"At this point there is zero risk of transmission on flights," said CDC Director Dr. Thomas Frieden, supporting other public health officials who have voiced similar assurances, saying Ebola is spread only through physical contact with a symptomatic individual or their bodily fluids. However, as The LA Times reports, some scientists who have long studied Ebola say such assurances are premature – and they are concerned about what is not known about the strain now on the loose. Dr. C.J. Peters, who battled a 1989 outbreak of the virus, and who later led the CDC's most far-reaching study of Ebola's transmissibility in humans, said he would not rule out the possibility that it spreads through the air in tight quarters…"We just don't have the data to exclude it."

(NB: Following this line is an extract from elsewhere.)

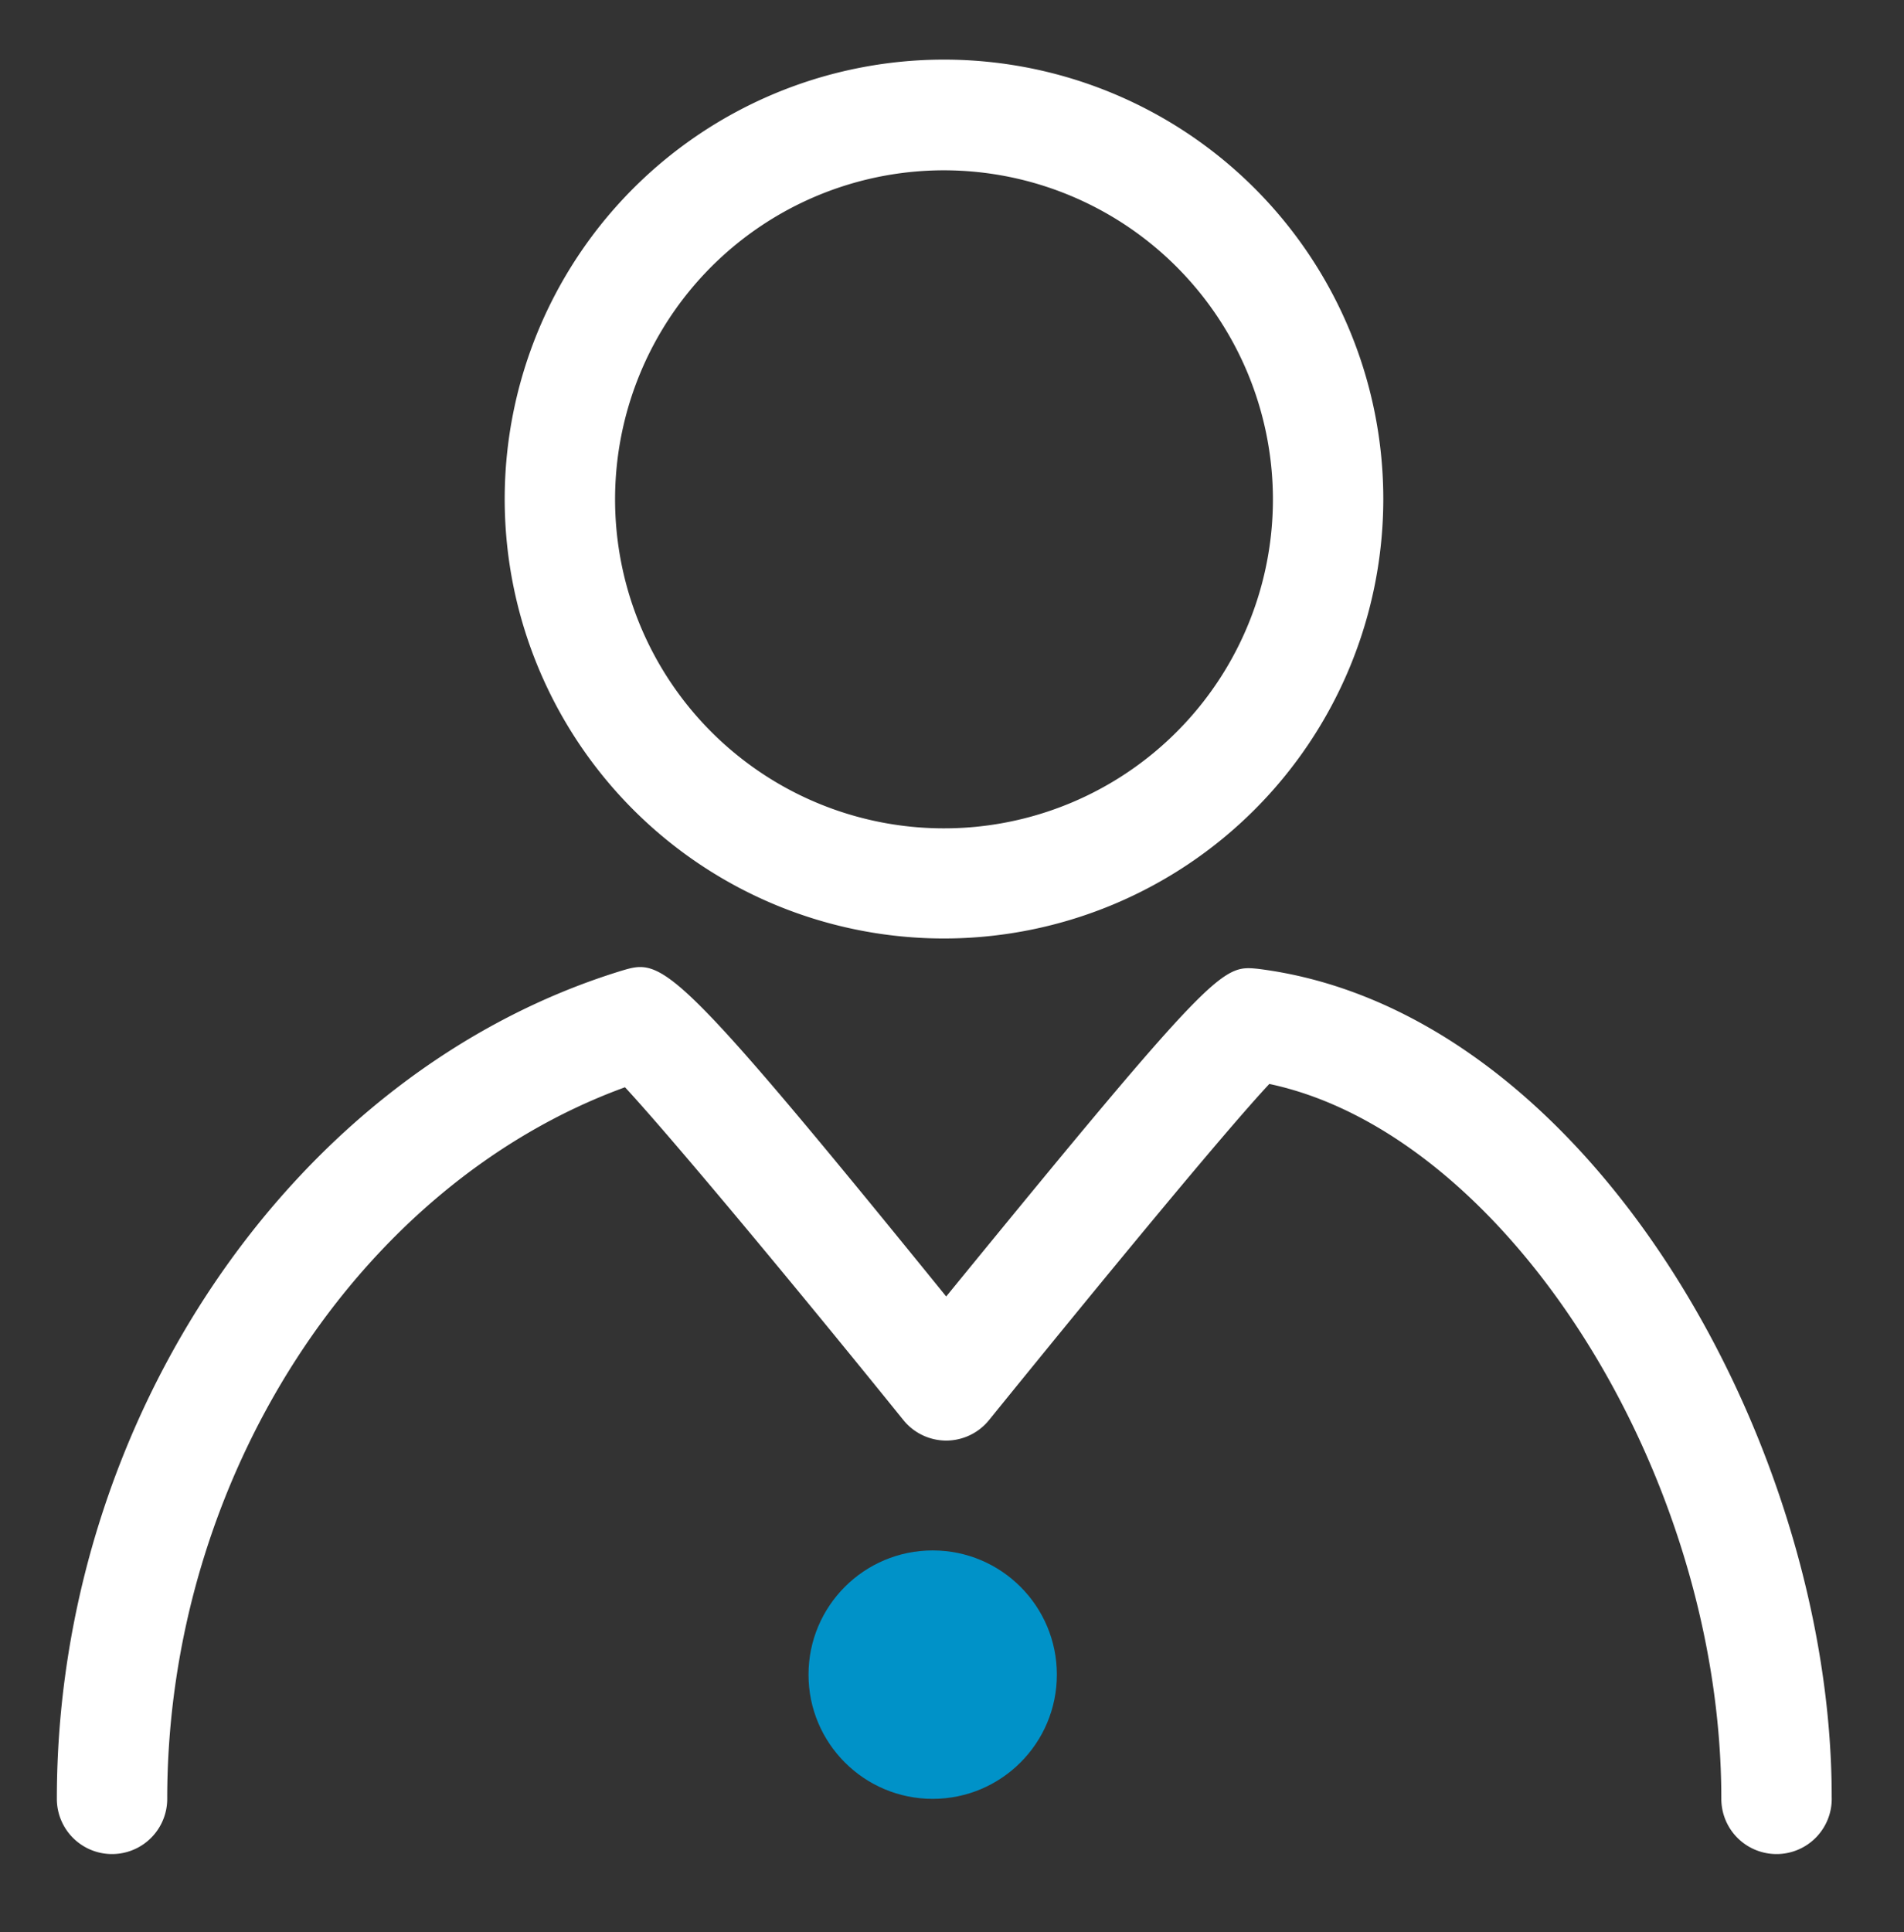 <?xml version="1.0" encoding="UTF-8"?> <svg xmlns="http://www.w3.org/2000/svg" id="Слой_1" data-name="Слой 1" viewBox="0 0 69 70"><rect x="0" y="0" width="69" height="70" fill="#333333" stroke="none"/> <defs> <style>.cls-1{fill:#0092c8;}.cls-2{fill:#fff;}</style> </defs> <circle class="cls-1" cx="33.8" cy="60.67" r="4.5"></circle> <path class="cls-2" d="M34.22,34A15.92,15.92,0,1,1,50.13,18.08,15.93,15.93,0,0,1,34.22,34Zm0-27.83A11.92,11.92,0,1,0,46.13,18.08,11.93,11.93,0,0,0,34.22,6.17Z"></path> <path class="cls-2" d="M64.38,67.17a2,2,0,0,1-2-2c0-11.87-7.84-24.09-16.38-25.9C44.38,41,39.87,46.48,35.84,51.45a2,2,0,0,1-1.55.74h0a2,2,0,0,1-1.55-.74c-3.94-4.88-8.38-10.21-10.09-12.06C13,42.9,6.06,53.55,6.06,65.17a2,2,0,0,1-4,0c0-13.76,8.61-26.36,20.46-30,1.48-.44,1.77-.53,11.77,11.8,9.8-12,10-12,11.3-11.87,11.9,1.49,20.79,17.08,20.79,30A2,2,0,0,1,64.38,67.17Z"></path> </svg>

As The LA Times reports, officials continue to stress how hard it is to get infected by Ebola…
"Ebola is not transmitted by the air. It is not an airborne infection," said Dr. Edward Goodman of Texas Health Presbyterian Hospital in Dallas, where the Liberian patient remains in critical condition.
…Public health officials have voiced similar assurances, saying Ebola is spread only through physical contact with a symptomatic individual or their bodily fluids.
Yet some scientists who have long studied Ebola say such assurances are premature – and they are concerned about what is not known about the strain now on the loose. It is an Ebola outbreak like none seen before, jumping from the bush to urban areas, giving the virus more opportunities to evolve as it passes through multiple human hosts.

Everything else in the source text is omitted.